Apr 14, 2011 Posted Under: Mental Health

Panic Attacks, Breaking the Thought Cycle

Panic attacks are an unusual phenomenon. People who experience them often feel that they are helpless victims of them, like they do not have control over how or when a panic attack will strike them. What’s interesting is that they, themselves are actually triggering them.

If you have experienced an attack, you probably recall (quite clearly) your first encounter with panic. Undoubtedly, as you began to experience unusual feelings in your body, you became fearful of what was happening. This, in turn, caused you to try to resist those feelings with all your might. The more scared you got, the more scared you got, until you were in a full blown panic attack.

This thought process may not have been very obvious at the time because it was the first time you had gone through such an episode, but in future attacks, the process was probably a bit more apparent (though you were not likely to be analysing it at the time.) Having gone through the first panic attack, upon the slightest trigger, you dreaded the idea of going through another.

It goes something like this:

  • Perhaps you feel a strange twinge of an unusual sensation.
  • Maybe you are going into a situation that you fear may cause you anxiety or stress.

Whatever the initial trigger, something makes you feel just a bit like you did during that horrible first panic attack. You then begin to try to fight off those anxious feelings.

You worry more and more that if you can’t stop what’s going on in your body, you will have to go through another episode of panic. All that anxiety over trying to avoid the whole thing then causes your heart to beat faster. This is concerning because it means a panic attack is beginning. That is, of course, frightening so your heart beats faster and harder as you feel the adrenaline surge throughout your system.

The more scared you become, the more your body reacts with frightening sensations. Your chest tightens. Your extremities begin to tingle or go numb. You feel faint. God forbid, your heart skips a beat (in your mind, a sure sign of impending doom.)

You see, through this whole process your mind creates the next level of anxiety based on your body’s reaction to each previous level of anxiety. Because you know how frightening the experience of a panic attack can be, you want desperately to avoid the situation. You try as hard as you can to think your way out of it.

The trick in that situation is not to fight against your thoughts and feelings, but to actually accept that what you’re feeling will not hurt you. An anxiety attack is just your body’s reaction to the fear of fear. Nothing else.

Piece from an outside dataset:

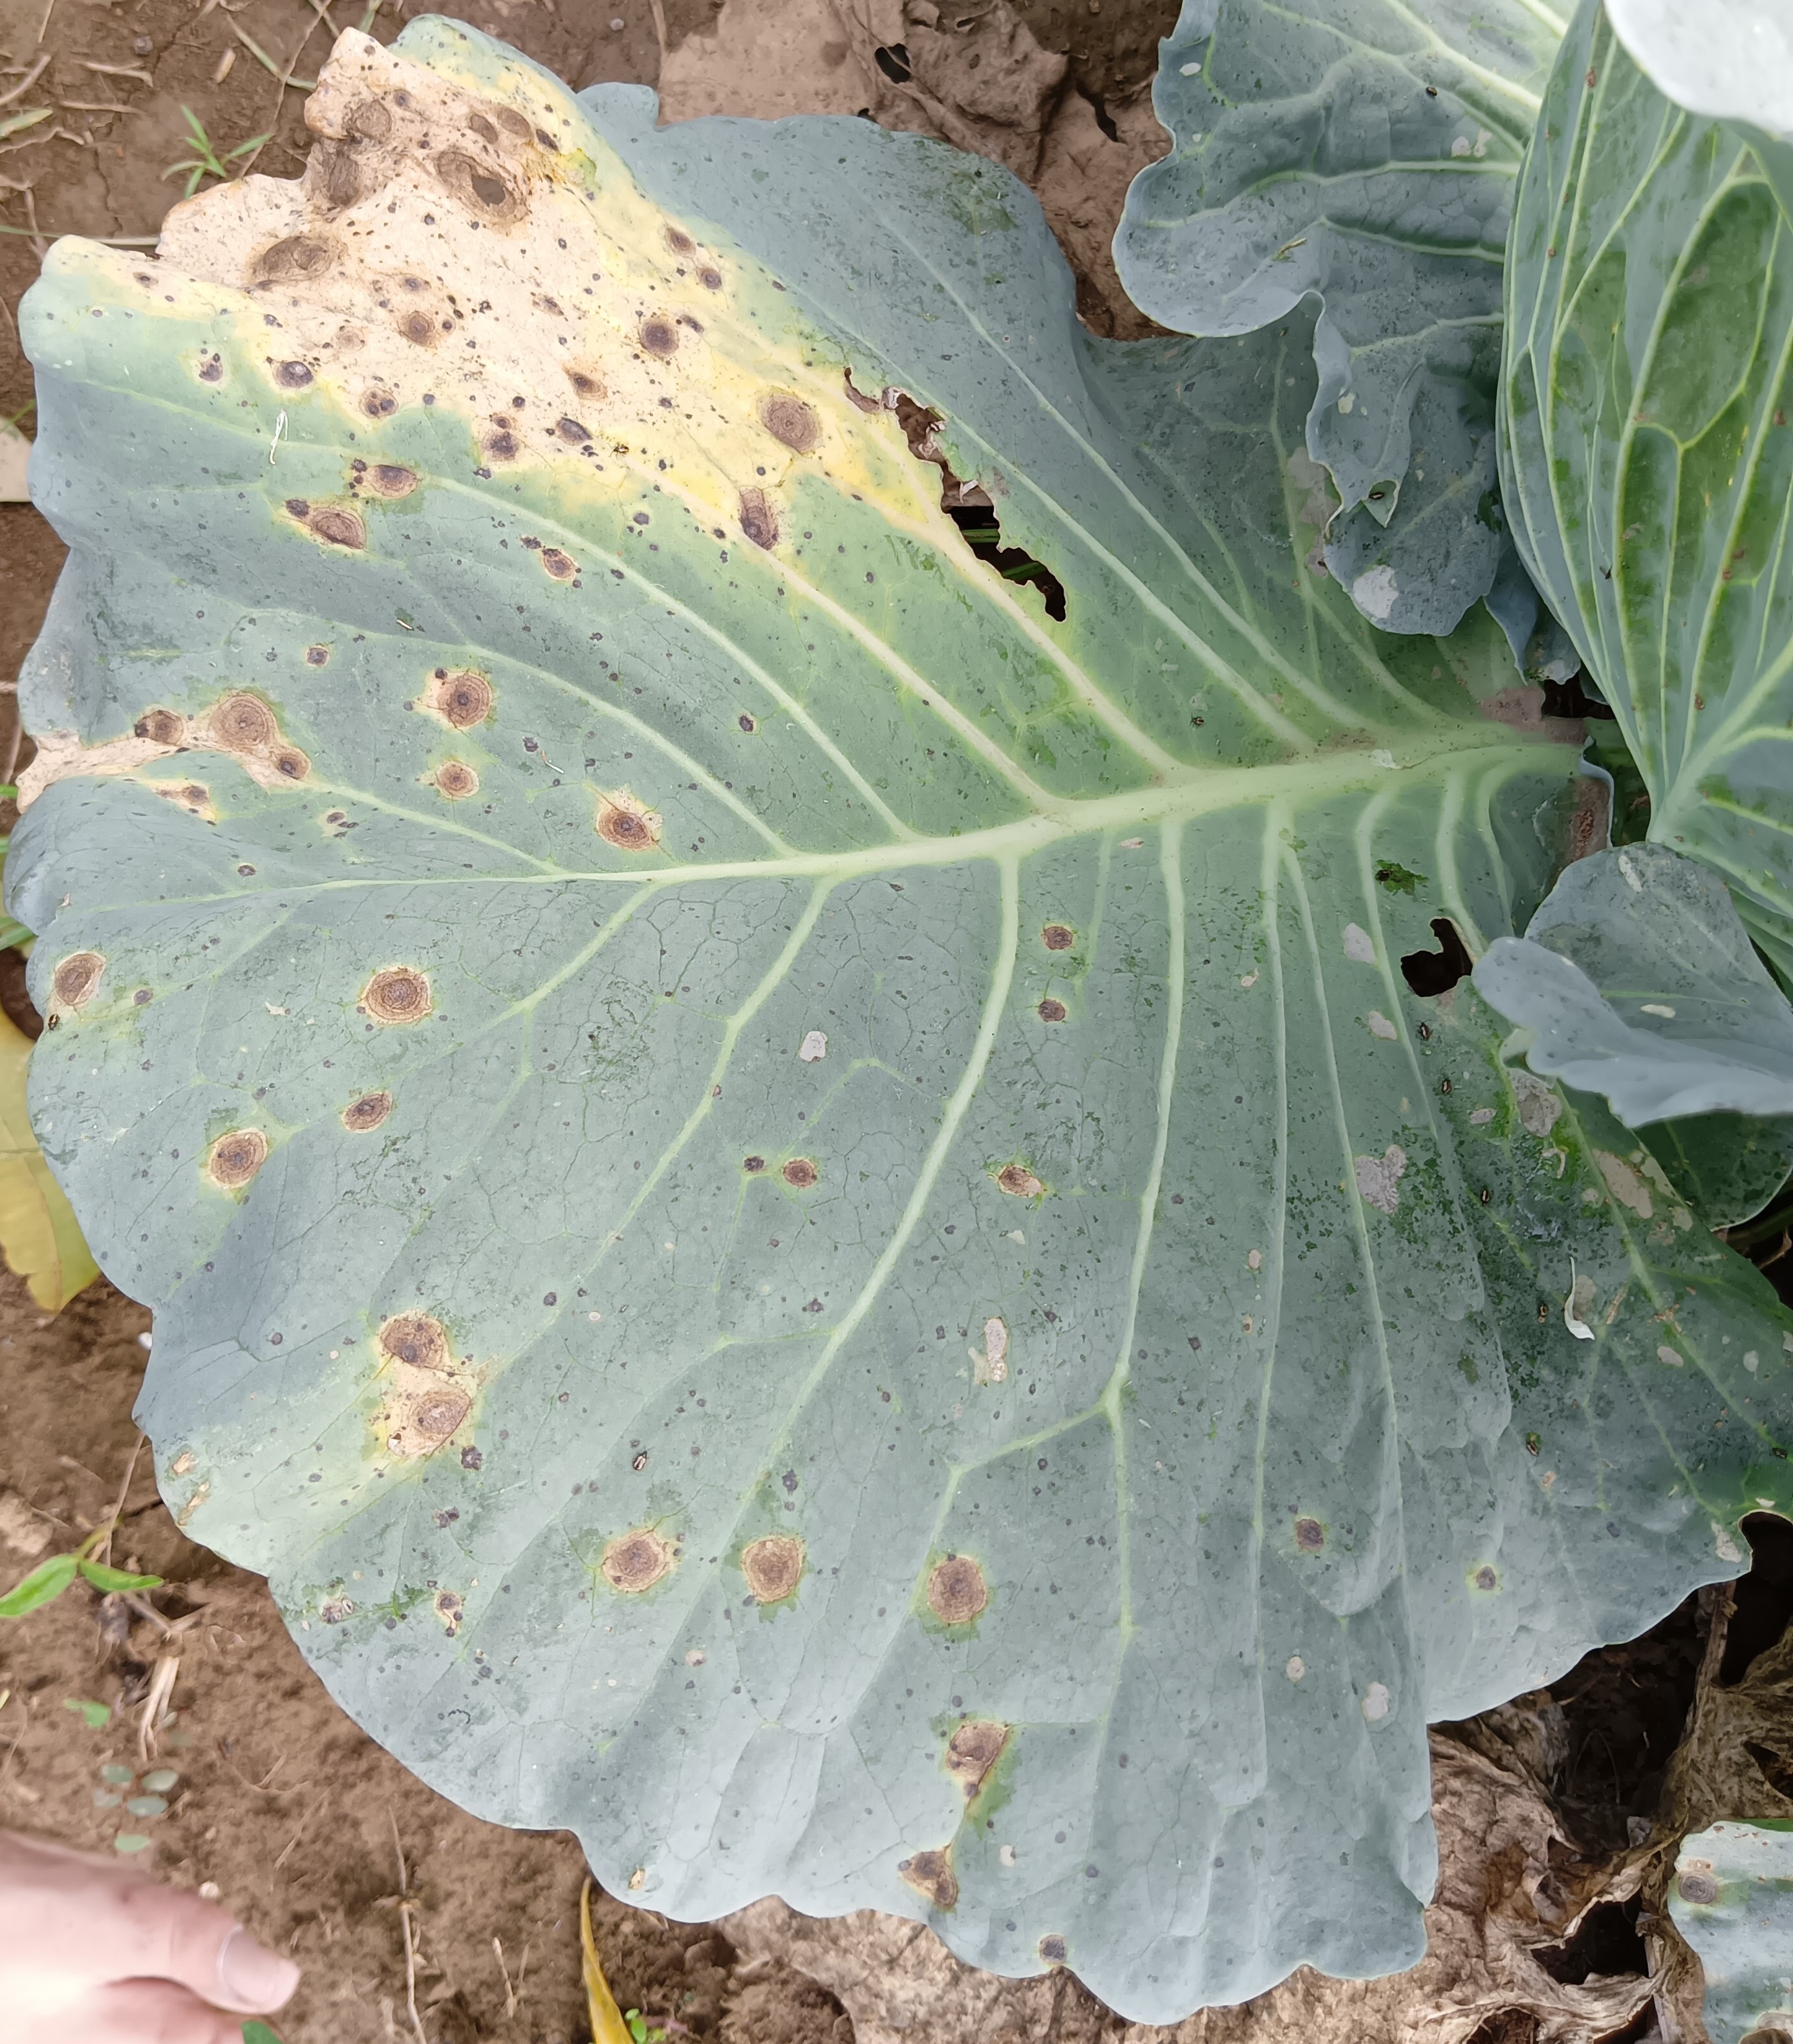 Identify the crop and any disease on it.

By fighting your body’s reactions you, in a way, reinforce your own idea that you do not feel in control of your body’s reactions and thoughts. In order to truly be in control you must learn to understand that what you are feeling is natural and safe. Though you might feel like you’re going to die or at least pass out, you’re just experiencing the effects of adrenaline.

Though it seems quite contradictory, the key to stopping panic attacks is learning not to fight them, but rather to accept them. In doing so, you break the thought cycle that causes them in the first place. You take the power away from the panic attacks and put it back where it belonged all the time, with yourself!